What the exercise asks:
This exercise asks for an exact transcription of every entry.
START Data excerpts
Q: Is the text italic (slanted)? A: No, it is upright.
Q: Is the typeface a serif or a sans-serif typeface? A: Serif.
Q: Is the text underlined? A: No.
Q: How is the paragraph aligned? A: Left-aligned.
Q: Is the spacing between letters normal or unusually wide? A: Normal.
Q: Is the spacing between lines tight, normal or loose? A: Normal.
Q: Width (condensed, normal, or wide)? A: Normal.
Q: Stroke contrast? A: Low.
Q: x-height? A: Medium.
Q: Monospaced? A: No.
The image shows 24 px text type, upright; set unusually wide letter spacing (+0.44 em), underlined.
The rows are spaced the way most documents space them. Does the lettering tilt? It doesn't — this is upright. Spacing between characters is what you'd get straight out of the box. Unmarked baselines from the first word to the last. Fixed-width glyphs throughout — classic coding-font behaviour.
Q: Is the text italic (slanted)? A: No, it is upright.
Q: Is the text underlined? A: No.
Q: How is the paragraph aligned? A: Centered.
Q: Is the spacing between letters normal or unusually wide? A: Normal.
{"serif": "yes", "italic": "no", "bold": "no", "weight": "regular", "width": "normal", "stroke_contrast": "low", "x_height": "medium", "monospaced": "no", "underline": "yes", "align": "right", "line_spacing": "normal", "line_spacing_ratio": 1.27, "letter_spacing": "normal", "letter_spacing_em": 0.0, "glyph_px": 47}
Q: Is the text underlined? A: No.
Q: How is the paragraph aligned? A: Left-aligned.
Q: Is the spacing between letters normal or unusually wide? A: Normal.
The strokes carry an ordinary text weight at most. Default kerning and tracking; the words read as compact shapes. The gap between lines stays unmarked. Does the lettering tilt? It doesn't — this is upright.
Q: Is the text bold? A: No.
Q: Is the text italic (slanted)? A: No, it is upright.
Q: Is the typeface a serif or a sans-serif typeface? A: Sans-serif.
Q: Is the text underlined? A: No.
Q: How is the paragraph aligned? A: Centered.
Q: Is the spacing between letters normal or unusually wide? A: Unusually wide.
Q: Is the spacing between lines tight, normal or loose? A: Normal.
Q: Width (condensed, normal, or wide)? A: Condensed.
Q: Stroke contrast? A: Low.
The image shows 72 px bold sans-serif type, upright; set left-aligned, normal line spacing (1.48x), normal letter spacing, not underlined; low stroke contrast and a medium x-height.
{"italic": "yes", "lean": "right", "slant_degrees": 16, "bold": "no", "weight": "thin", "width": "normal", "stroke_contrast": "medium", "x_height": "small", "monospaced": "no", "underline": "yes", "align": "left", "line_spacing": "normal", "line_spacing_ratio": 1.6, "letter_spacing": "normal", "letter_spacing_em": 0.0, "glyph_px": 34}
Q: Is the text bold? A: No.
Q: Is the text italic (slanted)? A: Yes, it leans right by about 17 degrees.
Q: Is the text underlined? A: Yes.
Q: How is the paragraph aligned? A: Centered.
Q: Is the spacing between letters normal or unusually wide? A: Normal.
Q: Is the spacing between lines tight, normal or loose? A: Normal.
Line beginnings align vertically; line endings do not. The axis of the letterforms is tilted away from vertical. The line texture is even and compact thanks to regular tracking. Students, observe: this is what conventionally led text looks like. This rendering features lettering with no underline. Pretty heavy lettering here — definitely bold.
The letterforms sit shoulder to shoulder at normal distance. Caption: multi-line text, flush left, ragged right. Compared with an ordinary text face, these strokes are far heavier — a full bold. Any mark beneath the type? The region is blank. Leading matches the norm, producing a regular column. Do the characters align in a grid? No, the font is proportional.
END Data excerpts
Output of the exercise:
Q: Is the text italic (slanted)? A: No, it is upright.
Q: Is the typeface a serif or a sans-serif typeface? A: Serif.
Q: Is the text underlined? A: No.
Q: How is the paragraph aligned? A: Left-aligned.
Q: Is the spacing between letters normal or unusually wide? A: Normal.
Q: Is the spacing between lines tight, normal or loose? A: Normal.
Q: Width (condensed, normal, or wide)? A: Normal.
Q: Stroke contrast? A: Low.
Q: x-height? A: Medium.
Q: Monospaced? A: No.
The image shows 24 px text type, upright; set unusually wide letter spacing (+0.44 em), underlined.
The rows are spaced the way most documents space them. Does the lettering tilt? It doesn't — this is upright. Spacing between characters is what you'd get straight out of the box. Unmarked baselines from the first word to the last. Fixed-width glyphs throughout — classic coding-font behaviour.
Q: Is the text italic (slanted)? A: No, it is upright.
Q: Is the text underlined? A: No.
Q: How is the paragraph aligned? A: Centered.
Q: Is the spacing between letters normal or unusually wide? A: Normal.
{"serif": "yes", "italic": "no", "bold": "no", "weight": "regular", "width": "normal", "stroke_contrast": "low", "x_height": "medium", "monospaced": "no", "underline": "yes", "align": "right", "line_spacing": "normal", "line_spacing_ratio": 1.27, "letter_spacing": "normal", "letter_spacing_em": 0.0, "glyph_px": 47}
Q: Is the text underlined? A: No.
Q: How is the paragraph aligned? A: Left-aligned.
Q: Is the spacing between letters normal or unusually wide? A: Normal.
The strokes carry an ordinary text weight at most. Default kerning and tracking; the words read as compact shapes. The gap between lines stays unmarked. Does the lettering tilt? It doesn't — this is upright.
Q: Is the text bold? A: No.
Q: Is the text italic (slanted)? A: No, it is upright.
Q: Is the typeface a serif or a sans-serif typeface? A: Sans-serif.
Q: Is the text underlined? A: No.
Q: How is the paragraph aligned? A: Centered.
Q: Is the spacing between letters normal or unusually wide? A: Unusually wide.
Q: Is the spacing between lines tight, normal or loose? A: Normal.
Q: Width (condensed, normal, or wide)? A: Condensed.
Q: Stroke contrast? A: Low.
The image shows 72 px bold sans-serif type, upright; set left-aligned, normal line spacing (1.48x), normal letter spacing, not underlined; low stroke contrast and a medium x-height.
{"italic": "yes", "lean": "right", "slant_degrees": 16, "bold": "no", "weight": "thin", "width": "normal", "stroke_contrast": "medium", "x_height": "small", "monospaced": "no", "underline": "yes", "align": "left", "line_spacing": "normal", "line_spacing_ratio": 1.6, "letter_spacing": "normal", "letter_spacing_em": 0.0, "glyph_px": 34}
Q: Is the text bold? A: No.
Q: Is the text italic (slanted)? A: Yes, it leans right by about 17 degrees.
Q: Is the text underlined? A: Yes.
Q: How is the paragraph aligned? A: Centered.
Q: Is the spacing between letters normal or unusually wide? A: Normal.
Q: Is the spacing between lines tight, normal or loose? A: Normal.
Line beginnings align vertically; line endings do not. The axis of the letterforms is tilted away from vertical. The line texture is even and compact thanks to regular tracking. Students, observe: this is what conventionally led text looks like. This rendering features lettering with no underline. Pretty heavy lettering here — definitely bold.
The letterforms sit shoulder to shoulder at normal distance. Caption: multi-line text, flush left, ragged right. Compared with an ordinary text face, these strokes are far heavier — a full bold. Any mark beneath the type? The region is blank. Leading matches the norm, producing a regular column. Do the characters align in a grid? No, the font is proportional.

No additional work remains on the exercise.